Forscher haben eine aktive Hacking-Kampagne aufgedeckt, die eine Zero-Day-Schwachstelle in der E-Mail-Plattform Zimbra ausnutzt. Laut Cybersecurity-Forschern von Volexity, Steven Adair und Thomas Lancaster, nutzt eine TEMP_Heretic genannte Gruppe die Anfälligkeit für Spear-Phishing-E-Mail-Angriffe.

In einem Sicherheitshinweis erklärte Volexity, dass die Kampagne mit dem Namen „Operation EmailThief“ erstmals im Dezember 2021 entdeckt wurde und wahrscheinlich das Werk chinesischer Hacker ist. Dem Team zufolge geht TEMP_Heretic bei der Auswahl seiner potenziellen Opfer sehr sorgfältig vor. Der Bedrohungsakteur führt zunächst eine Erkundung durch und verwendet in Tracker eingebettete E-Mails, um festzustellen, ob eine Adresse gültig ist und ob ein Ziel überhaupt E-Mails öffnen würde – und wenn ja, wird die zweite Stufe der Angriffskette ausgelöst.
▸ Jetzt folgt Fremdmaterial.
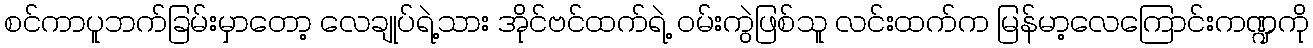
စင်ကာပူဘက်ခြမ်းမှာတော့ လေချုပ်ရဲ့သား အိုင်ဗင်ထက်ရဲ့ ဝမ်းကွဲဖြစ်သူ လင်းထက်က မြန်မာ့လေကြောင်းကဏ္ဍကို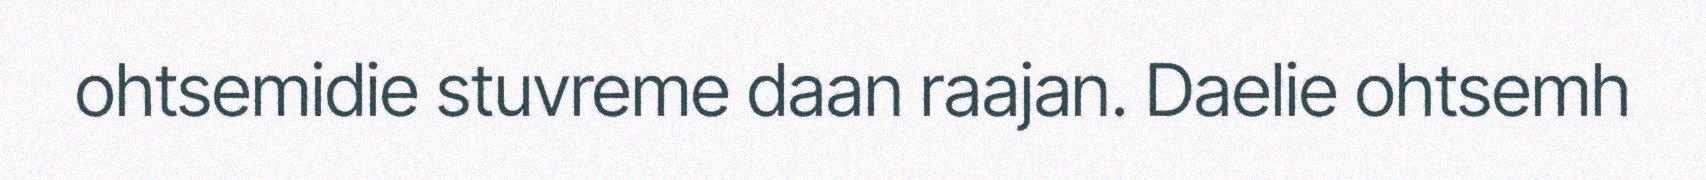
ohtsemidie stuvreme daan raajan. Daelie ohtsemh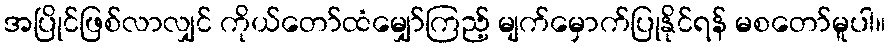
အပြိုင်ဖြစ်လာလျှင် ကိုယ်တော်ထံမျှော်ကြည့် မျက်မှောက်ပြုနိုင်ရန် မစတော်မူပါ။
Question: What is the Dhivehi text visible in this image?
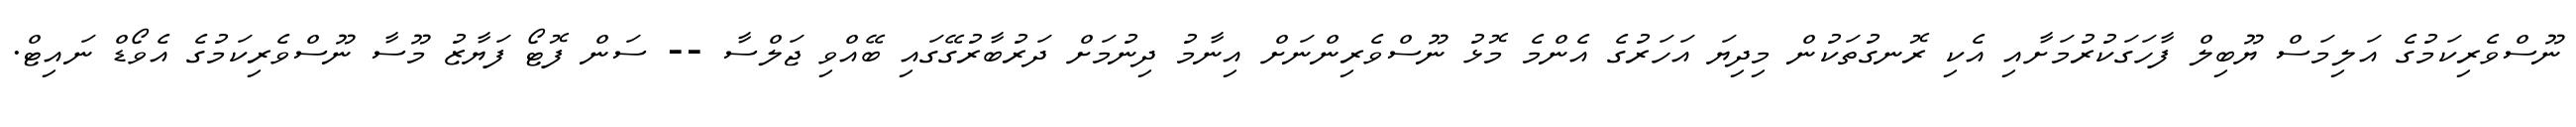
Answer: ނޫސްވެރިކަމުގެ އަލިމަސް ޔޫބިލް ފާހަގަކުރުމަށާއި އެކި ރޮނގުތަކުން މިދިޔަ އަހަރުގެ އެންމެ މޮޅު ނޫސްވެރިންނަށް އިނާމު ދިނުމަށް ދަރުބާރުގޭގައި ބޭއްވި ޖަލްސާ -- ސަން ފޮޓޯ ފަޔާޒު މޫސާ ނޫސްވެރިކަމުގެ އެވޯޑް ނައިޓް.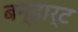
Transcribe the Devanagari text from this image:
बन्हार्ट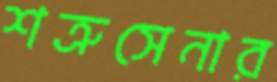
শত্রুসেনার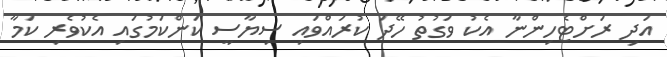
އަދި ރަށްޓެހިންނާ އެކު ވަގުތު ހޭދަ ކުރައްވައި ސިޔާސީ ކަންކަމުގައި އެކުވެރި ކަމާ
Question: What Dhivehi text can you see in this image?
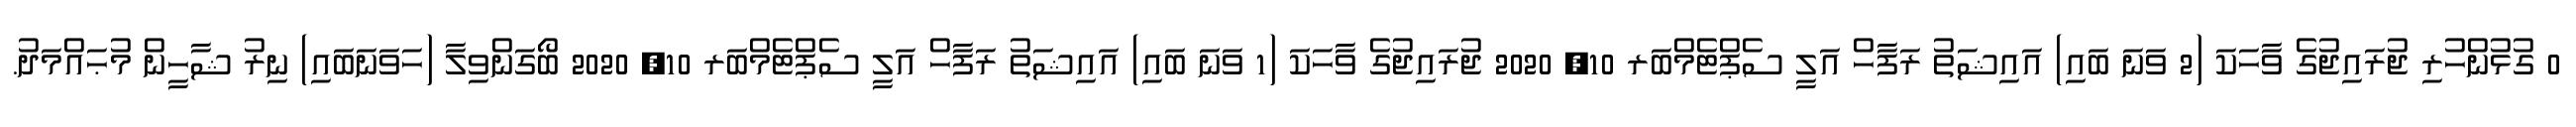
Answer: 0 ގުޅުންހުރި ޖުރައިޖުގެ ވާހަކަ (2 ވަނަ ބައި) އައިޝަތު ރަފާހް އަލީ ސެޕްޓެމްބަރ 10, 2020 ޖުރައިޖުގެ ވާހަކަ (1 ވަނަ ބައި) އައިޝަތު ރަފާހް އަލީ ސެޕްޓެމްބަރ 10, 2020 ބޯގަންވިލާ (ހަވަނަބައި) ނިރު ޝާހީން މުޙައްމަދު.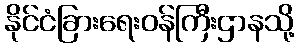
နိုင်ငံခြားရေးဝန်ကြီးဌာနသို့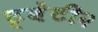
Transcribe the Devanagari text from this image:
ट्वेंटी२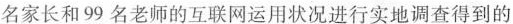
名学生及1544名家长和99名老师的互联网运用状况进行实地调查得到的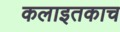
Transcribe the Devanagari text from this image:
कलाइतकाच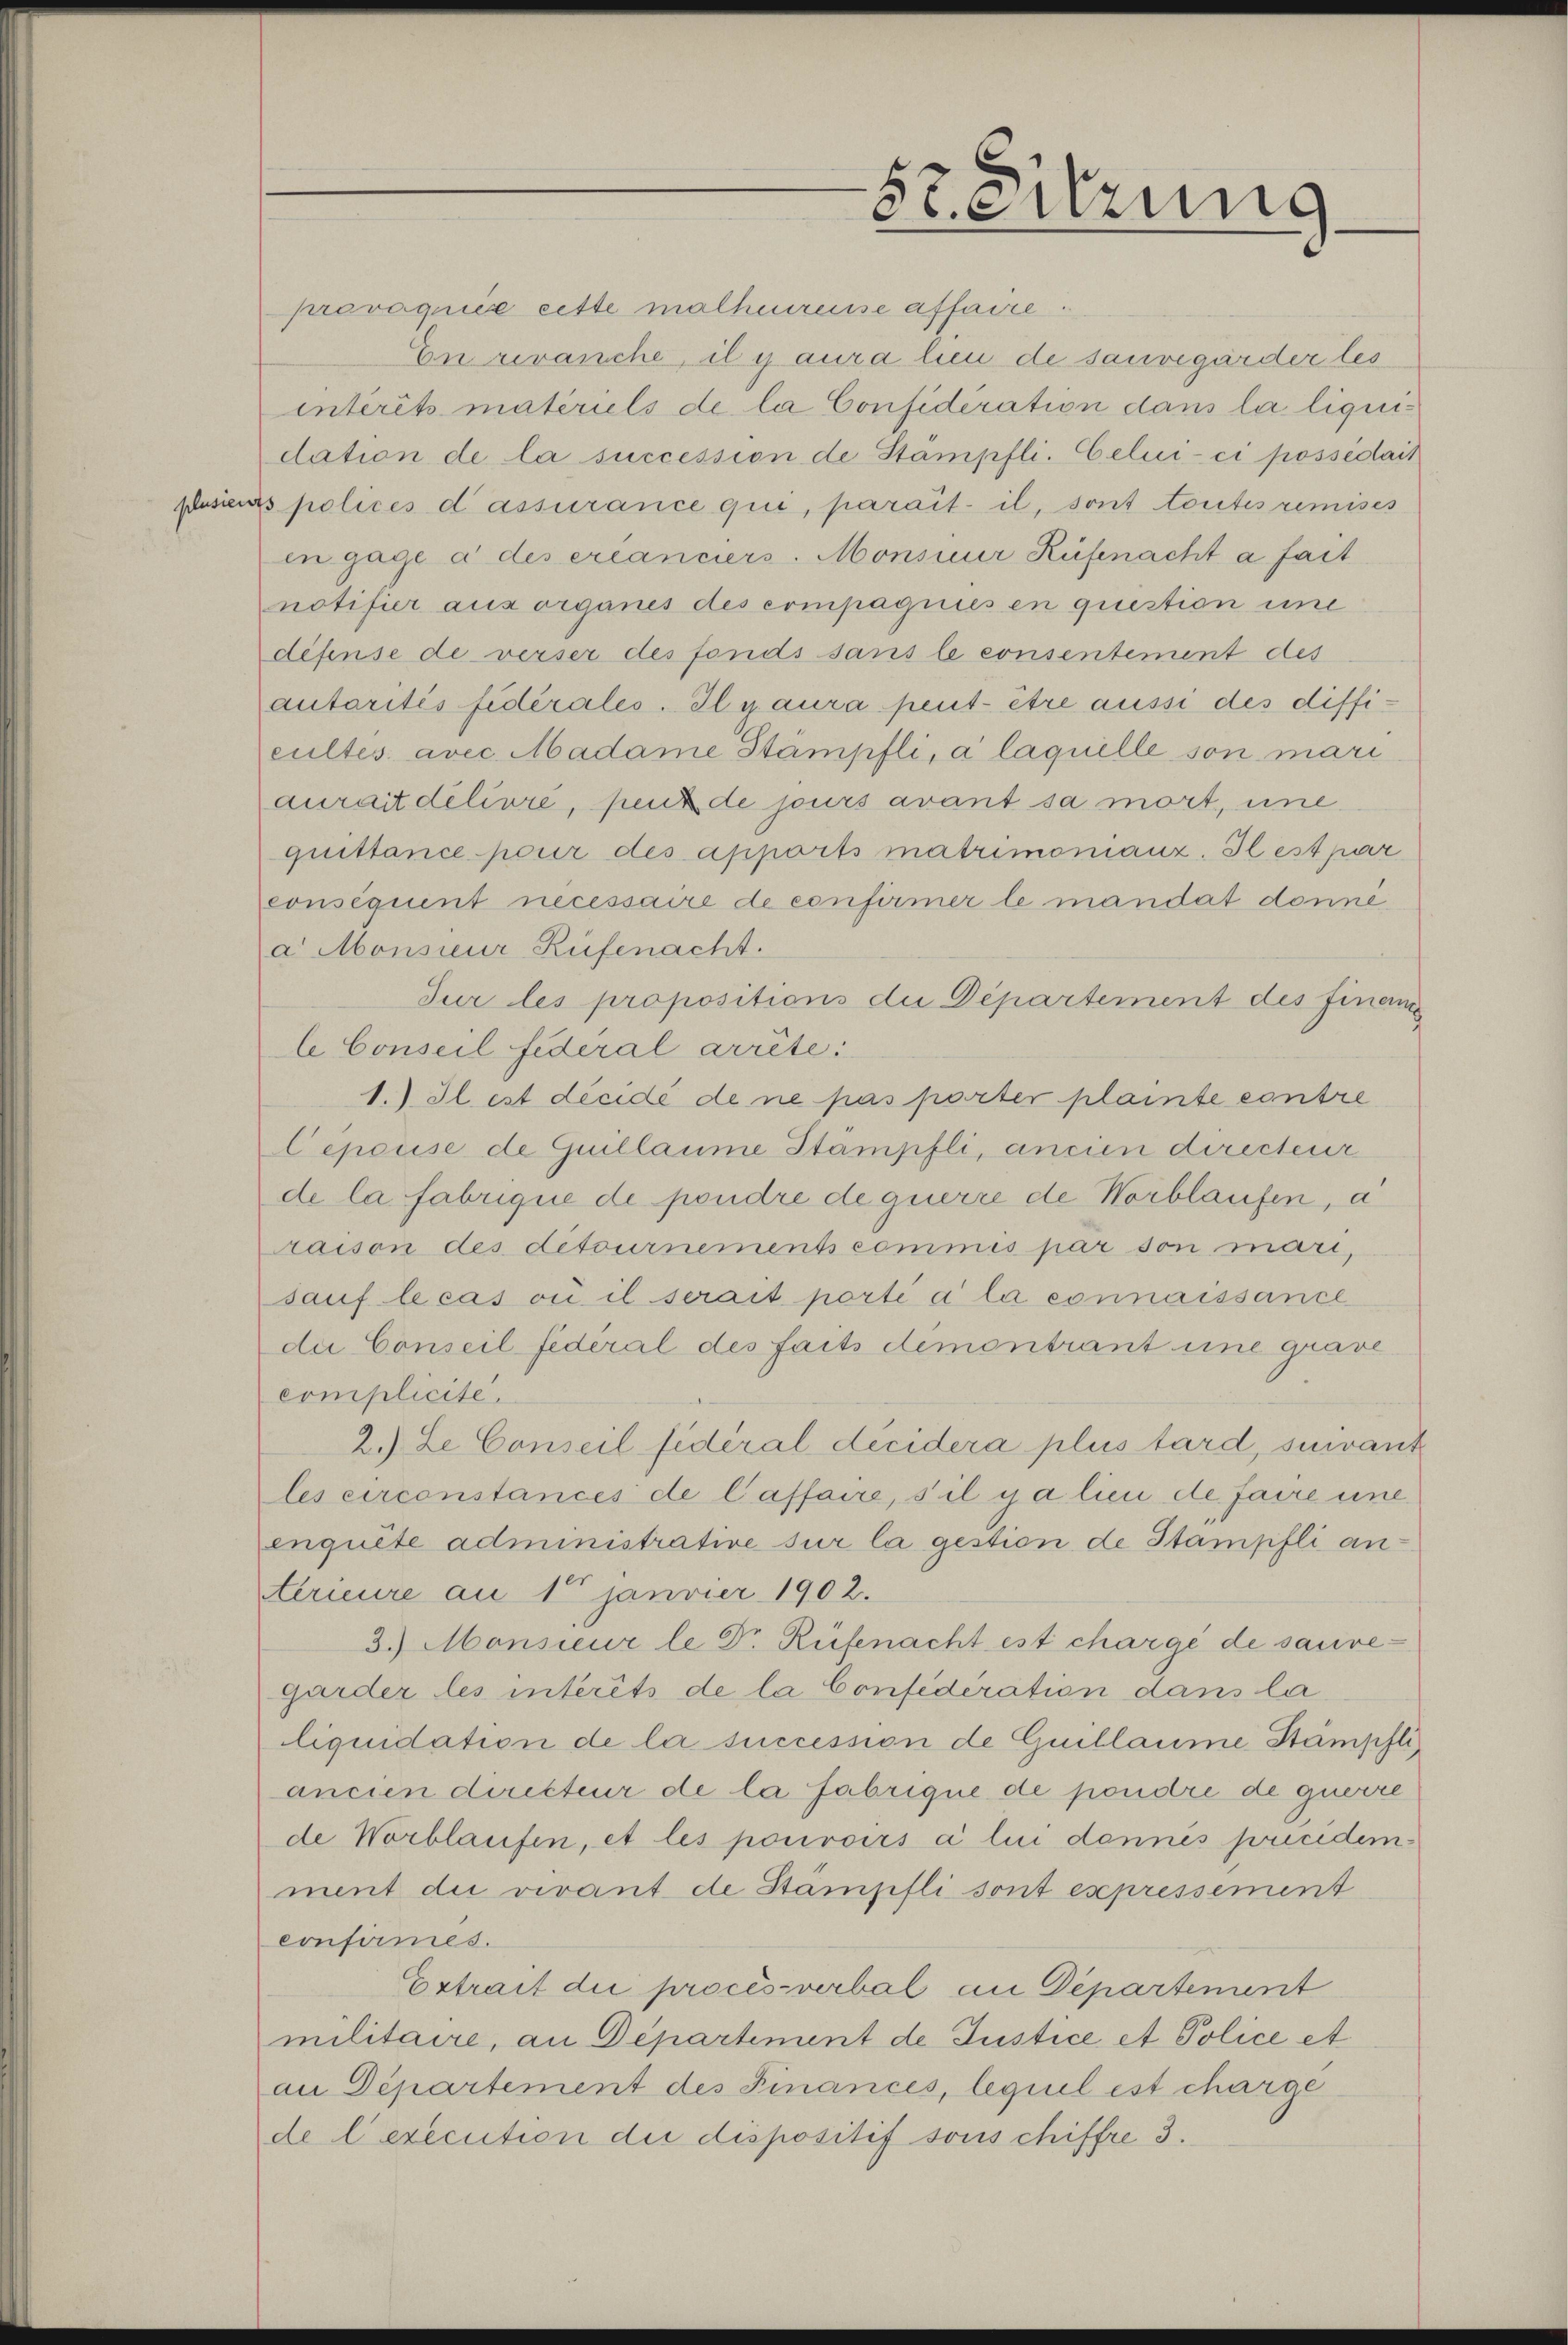
sli

Insgesamt wurden 74 eindeutige Microsoft Outlook-E-Mail-Adressen verwendet, um die ersten E-Mails zu versenden, die allgemeine Bilder und Betreffs wie Einladungen, Warnungen und Flugticketrückerstattungen enthalten. TEMP_Heretic versendet dann maßgeschneiderte Phishing-E-Mails, die einen bösartigen Link enthalten. Die gezielteren Themen der nachfolgenden E-Mails bezogen sich auf Interviewanfragen von Nachrichtenorganisationen, darunter AFP und BBC, sowie auf Einladungen zu Wohltätigkeitsessen. Andere gesammelte Phishing-E-Mail-Muster waren allgemeiner gehalten und enthielten Urlaubsgrüße.

Bei der Zero-Day-Lücke handelt es sich um eine Cross-Site-Scripting (XSS)-Schwachstelle. Sie ermöglicht es Angreifern, beliebiges JavaScript im Kontext der Zimbra-Sitzung auszuführen, was zum Diebstahl von E-Mail-Daten, Anhängen und Cookies führt. Darüber hinaus könnten Cyberkriminelle ein kompromittiertes E-Mail-Konto nutzen, um weitere Phishing-E-Mails zu versenden oder das Opfer aufzufordern, zusätzliche Malware herunterzuladen.